Research has shown that, in the absence of consistent standards and policies, healthcare providers often guess at who they think is most likely to breastfeed and direct their care and energy there. Women of color are frequently assumed to be unlikely to breastfeed because of historical trends, and this leads to a self-perpetuating cycle of disparate care leading to disparate breastfeeding outcomes.
“We’ve learned that we can make a difference and sometimes it’s us, not the patient,” Christa reflects. “Patients sometimes do what we expect of them. And if what we expect of them is different, based on their race or their income or something like that, then they’re going to react accordingly.
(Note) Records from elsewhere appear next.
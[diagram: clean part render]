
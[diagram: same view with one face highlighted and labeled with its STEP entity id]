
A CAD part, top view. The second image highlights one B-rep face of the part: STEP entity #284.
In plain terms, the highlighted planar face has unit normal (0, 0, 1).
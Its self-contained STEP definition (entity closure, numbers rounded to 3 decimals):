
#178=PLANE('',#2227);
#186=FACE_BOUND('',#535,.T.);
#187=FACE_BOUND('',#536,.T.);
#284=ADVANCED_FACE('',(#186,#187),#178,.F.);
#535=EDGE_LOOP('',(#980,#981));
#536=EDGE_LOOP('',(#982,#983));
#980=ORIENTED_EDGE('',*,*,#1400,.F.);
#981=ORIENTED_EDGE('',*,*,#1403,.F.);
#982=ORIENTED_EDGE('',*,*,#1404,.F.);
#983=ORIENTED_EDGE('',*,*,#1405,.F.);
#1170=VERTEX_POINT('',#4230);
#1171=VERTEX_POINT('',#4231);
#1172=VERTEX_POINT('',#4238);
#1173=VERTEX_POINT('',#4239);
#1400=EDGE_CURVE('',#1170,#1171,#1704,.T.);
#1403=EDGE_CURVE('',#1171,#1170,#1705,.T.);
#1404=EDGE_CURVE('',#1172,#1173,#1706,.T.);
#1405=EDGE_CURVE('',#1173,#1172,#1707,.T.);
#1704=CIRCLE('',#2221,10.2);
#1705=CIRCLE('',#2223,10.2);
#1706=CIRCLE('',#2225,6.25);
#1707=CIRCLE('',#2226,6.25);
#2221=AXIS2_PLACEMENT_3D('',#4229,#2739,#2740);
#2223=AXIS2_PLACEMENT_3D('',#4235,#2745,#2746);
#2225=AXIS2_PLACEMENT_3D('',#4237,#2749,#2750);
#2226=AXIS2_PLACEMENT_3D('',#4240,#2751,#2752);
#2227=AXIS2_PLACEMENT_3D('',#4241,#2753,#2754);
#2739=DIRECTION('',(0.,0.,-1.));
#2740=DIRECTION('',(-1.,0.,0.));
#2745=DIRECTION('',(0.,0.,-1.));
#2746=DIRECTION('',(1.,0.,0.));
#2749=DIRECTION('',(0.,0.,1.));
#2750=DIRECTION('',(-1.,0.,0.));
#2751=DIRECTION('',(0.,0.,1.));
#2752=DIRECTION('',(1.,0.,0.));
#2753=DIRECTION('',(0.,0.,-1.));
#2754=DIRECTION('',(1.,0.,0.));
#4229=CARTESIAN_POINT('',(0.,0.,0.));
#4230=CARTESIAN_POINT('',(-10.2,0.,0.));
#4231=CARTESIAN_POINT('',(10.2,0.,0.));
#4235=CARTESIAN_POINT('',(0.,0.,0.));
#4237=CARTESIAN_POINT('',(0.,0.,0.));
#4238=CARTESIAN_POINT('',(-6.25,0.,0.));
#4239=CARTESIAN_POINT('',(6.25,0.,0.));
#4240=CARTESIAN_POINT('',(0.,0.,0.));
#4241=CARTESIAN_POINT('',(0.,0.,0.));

If we go in and just provide non-biased education, then we are really elevating the experience and helping patients that may not have felt as empowered previously.”
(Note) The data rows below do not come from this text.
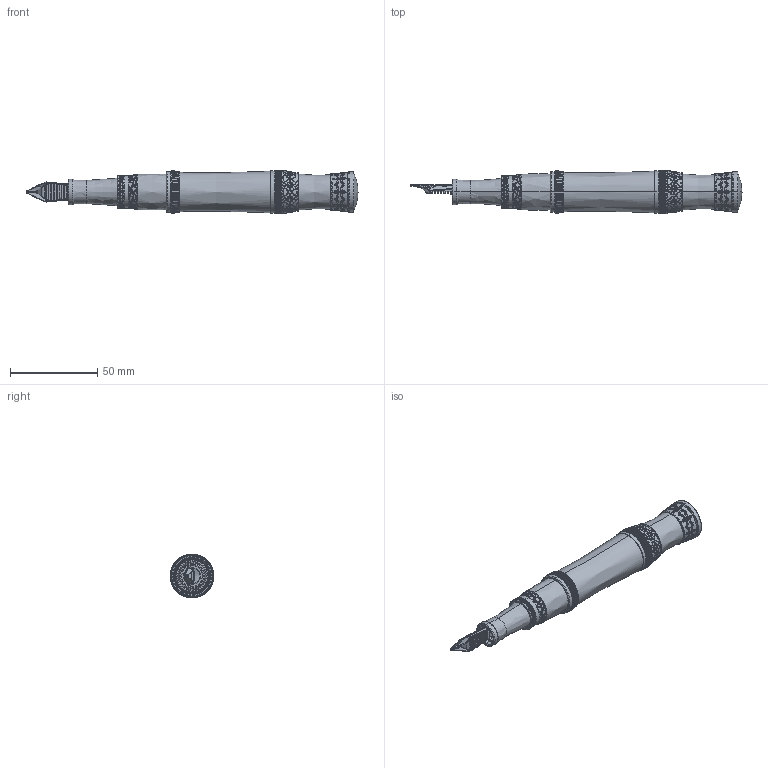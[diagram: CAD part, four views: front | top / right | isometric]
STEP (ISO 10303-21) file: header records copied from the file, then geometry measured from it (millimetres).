
FILE_DESCRIPTION(('FreeCAD Model'),'2;1');
FILE_NAME('Open CASCADE Shape Model','2025-04-27T17:52:09',('FreeCAD'),( 'FreeCAD'),'Open CASCADE STEP processor 7.6','FreeCAD','Unknown');
FILE_SCHEMA(('AUTOMOTIVE_DESIGN { 1 0 10303 214 1 1 1 1 }'));
Products named in the file (1): Open CASCADE STEP translator 7.6 1
Bounding box: 190.31 x 25.06 x 25.06 mm (x, y, z)
Volume: 21119.2 mm3; surface area: 27811.7 mm2
Topology: 11 solids, 11 shells, 3291 faces, 8897 edges, 5684 vertices
Faces by surface type: bspline 3291
Entity records: 210281 total; most frequent: CARTESIAN_POINT 161121, ORIENTED_EDGE 17218, EDGE_CURVE 8609, B_SPLINE_CURVE_WITH_KNOTS 6011, VERTEX_POINT 5684, FACE_BOUND 3651, EDGE_LOOP 3651, ADVANCED_FACE 3291

Keeps Us From Slipping Back
All of the changes they’ve made have led to increased rates of exclusive breastfeeding over the past few years – from a baseline of 12% in 2014 to around 40% today.
And it even led to some nice coverage on the local news featuring Christa and her colleague, McKenzie Benton, LPN, whom Christa has trained to take over her Baby-Friendly leadership role at North Baldwin.
But Christa has taught everyone not to rest on their laurels.
“When we finally got designated, people said ‘Okay, we don’t need to talk about Baby-Friendly for a while,’” she recalls. “But I said, ‘No, we have to keep it going because we have an annual quality improvement assessment coming up with BFUSA. That keeps us from slipping back into old mindsets and old habits.”
Next Adventure
Now Christa is ready again – this time, to take on a new job as a Clinical Review Specialist for BFUSA. It’s an ironic but logical next step in her career.
“I have been the person who sends in the paperwork to the Clinical Review Specialist at BFUSA,” she says. “Now I will see it on the other side – and I’ll be the one assisting hospitals and giving them feedback and letting them know what they’re doing well and what they need to work on to meet BFUSA’s Guidelines and Evaluation Criteria.”
Gena will miss Christa for sure. But she’s grateful for her leadership that put them on this path and for her commitment to spreading her values and knowledge among the rest of the staff.
“We couldn’t have done it without her,” Gena says. “It was a team effort and it took every single one of us, but Christa definitely led the way and kept us up on track. Whenever we let our guard down a little bit, she’d remind us that we have to learn to do this every day and live it every day.”
“She’s just one of those people who will always have a special place in your heart.”